Start of EXERCISE MATERIAL

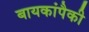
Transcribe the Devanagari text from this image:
बायकांपैकी
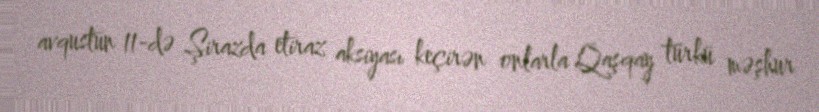
avqustun 11-də Şirazda etiraz aksiyası keçirən onlarla Qaşqay türkü məşhur
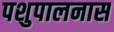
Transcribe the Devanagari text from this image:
पशुपालनास
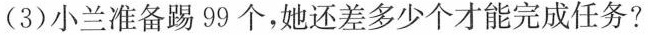
(3)小兰准备踢99个，她还差多少个才能完成任务？
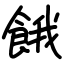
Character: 餓
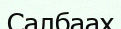
Салбаах
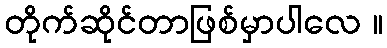
တိုက်ဆိုင်တာဖြစ်မှာပါလေ ။
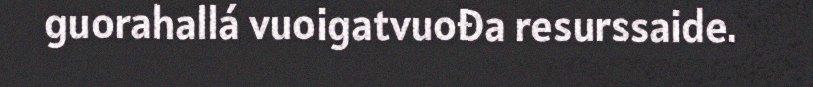
guorahallá vuoigatvuođa resurssaide.
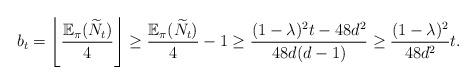
LaTeX: \begin{align*}b_t=\left \lfloor \frac{\mathbb{E}_\pi(\widetilde{N}_t)}{4}\right \rfloor \geq \frac{\mathbb{E}_\pi(\widetilde{N}_t)}{4} -1 \geq \frac{(1-\lambda)^2t -48d^2}{48d(d-1)}\geq \frac{(1-\lambda)^2}{48d^2}t.\end{align*}
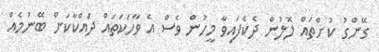
ގޭންގު ކުށްތައް ލޮލުން ދެކެފައިވާ މީހުން ވެސް އެ ވާހަކަތައް ދައްކާކަށް ބޭނުމެއް
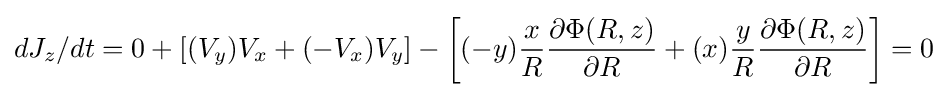
dJ_{z}/dt=0+[(V_{y})V_{x}+(-V_{x})V_{y}]-\left[(-y){x \over R}{\partial \Phi (R,z) \over \partial R}+(x){y \over R}{\partial \Phi (R,z) \over \partial R}\right]=0
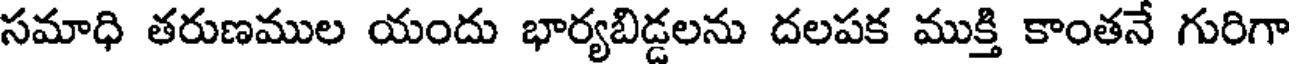
సమాధి తరుణముల యందు భార్యబిడ్డలను దలపక ముక్తి కాంతనే గురిగా
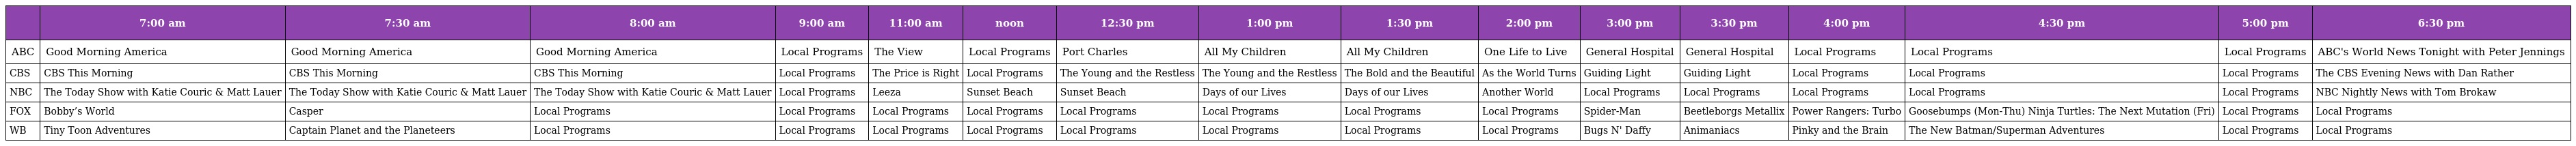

End of EXERCISE MATERIAL

◆ ACTION ITEM: Return every line above exactly, omitting images.

◆ TASK ANSWER:
Transcribe the Devanagari text from this image:
बायकांपैकी
avqustun 11-də Şirazda etiraz aksiyası keçirən onlarla Qaşqay türkü məşhur
Transcribe the Devanagari text from this image:
पशुपालनास
(3)小兰准备踢99个，她还差多少个才能完成任务？
Character: 餓
Салбаах
တိုက်ဆိုင်တာဖြစ်မှာပါလေ ။
guorahallá vuoigatvuođa resurssaide.
LaTeX: \begin{align*}b_t=\left \lfloor \frac{\mathbb{E}_\pi(\widetilde{N}_t)}{4}\right \rfloor \geq \frac{\mathbb{E}_\pi(\widetilde{N}_t)}{4} -1 \geq \frac{(1-\lambda)^2t -48d^2}{48d(d-1)}\geq \frac{(1-\lambda)^2}{48d^2}t.\end{align*}
ގޭންގު ކުށްތައް ލޮލުން ދެކެފައިވާ މީހުން ވެސް އެ ވާހަކަތައް ދައްކާކަށް ބޭނުމެއް
dJ_{z}/dt=0+[(V_{y})V_{x}+(-V_{x})V_{y}]-\left[(-y){x \over R}{\partial \Phi (R,z) \over \partial R}+(x){y \over R}{\partial \Phi (R,z) \over \partial R}\right]=0
సమాధి తరుణముల యందు భార్యబిడ్డలను దలపక ముక్తి కాంతనే గురిగా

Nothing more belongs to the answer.